Use the latest nvidia-drivers if you plan to use the latest kernel. You will have less problems.

 *platojones wrote:*   

> [EDIT] I'm running gentoo-sources 2.6.28, btw, not vanilla...that may make a difference or not/[/EDIT]

 

It doesn't make a difference. I use a vanilla linux kernel (though I don't install it using portage) and it works just fine.

----------

## ZeuZ_NG

 *platojones wrote:*   

> What version are you running...the 180.16 version runs perfectly for me now.
> 
> [EDIT] I'm running gentoo-sources 2.6.28, btw, not vanilla...that may make a difference or not/[/EDIT]

 

As you can see, I'm using 177.82 (viewable through the attached log)

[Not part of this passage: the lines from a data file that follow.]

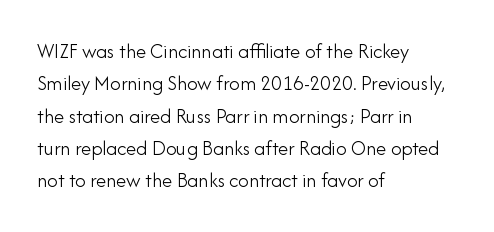
The image shows 21 px text type, upright; set left-aligned, normal line spacing (1.54x), normal letter spacing, not underlined.
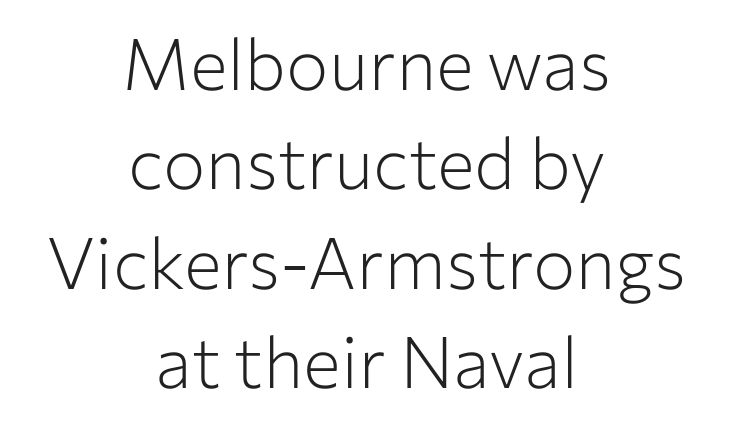
{"serif": "no", "italic": "no", "bold": "no", "weight": "light", "width": "normal", "stroke_contrast": "low", "x_height": "medium", "monospaced": "no", "underline": "no", "align": "center", "line_spacing": "normal", "line_spacing_ratio": 1.4, "letter_spacing": "normal", "letter_spacing_em": 0.0, "glyph_px": 71}
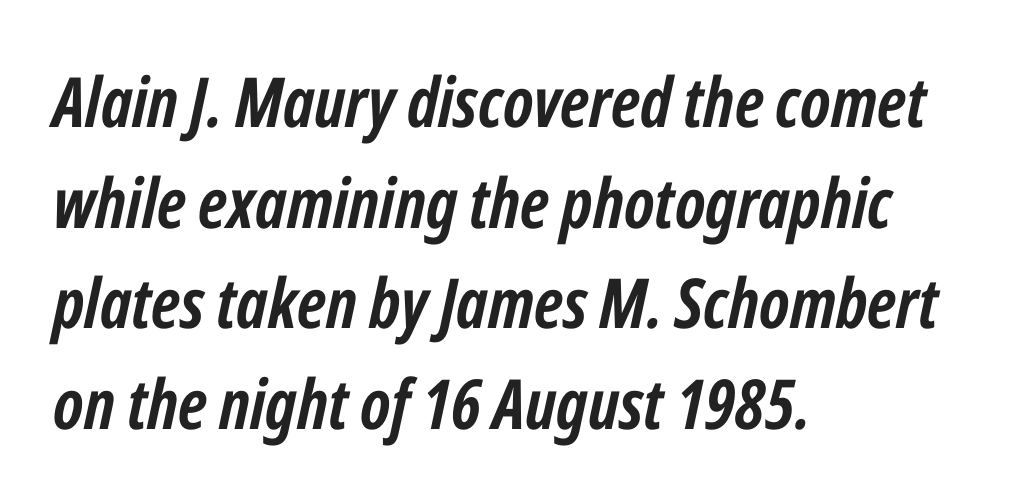
{"italic": "yes", "lean": "right", "slant_degrees": 12, "bold": "yes", "weight": "semibold", "width": "condensed", "stroke_contrast": "low", "x_height": "medium", "monospaced": "no", "underline": "no", "align": "left", "line_spacing": "normal", "line_spacing_ratio": 1.46, "letter_spacing": "normal", "letter_spacing_em": 0.0, "glyph_px": 69}
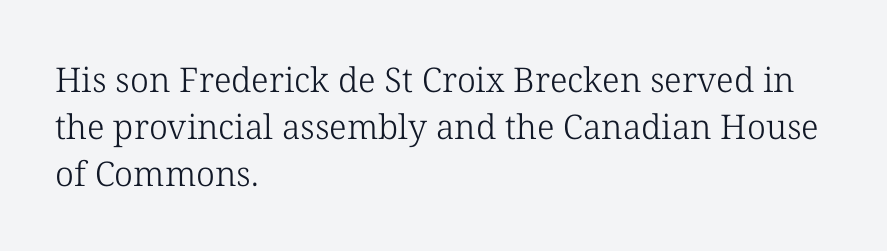
The image shows 34 px light serif type, upright; set left-aligned, normal line spacing (1.38x), normal letter spacing, not underlined; low stroke contrast and a medium x-height.

The last one in ~x86 as of my last sync...

----------

## i92guboj

Then you might need to use an even newer version. The devnull overlay (available via layman) has some ebuilds for newer releases.

----------

## platojones

 *ZeuZ_NG wrote:*   

>  *platojones wrote:*   What version are you running...the 180.16 version runs perfectly for me now.
> 
> [EDIT] I'm running gentoo-sources 2.6.28, btw, not vanilla...that may make a difference or not/[/EDIT] 
> 
> As you can see, I'm using 177.82 (viewable through the attached log)
> ...

 

Yes, sorry, didn't look...but I suspected, so that's why I asked.  i92guboj is right...you'll have to go with unstable nvidia drivers in order to get it to work.  The latest are available through the berkano overlay.  The are very stable on my box now and work perfectly with 2.6.28.

----------

## ZeuZ_NG

 *platojones wrote:*   

>  *ZeuZ_NG wrote:*    *platojones wrote:*   What version are you running...the 180.16 version runs perfectly for me now.
> 
> [EDIT] I'm running gentoo-sources 2.6.28, btw, not vanilla...that may make a difference or not/[/EDIT] 
> 
> As you can see, I'm using 177.82 (viewable through the attached log)
> ...

 

Thanks for the heads up, Ok, so I'll try to grab them with layman, how do I specify the overlay I'm willing to use with layman? I tend to let it choose...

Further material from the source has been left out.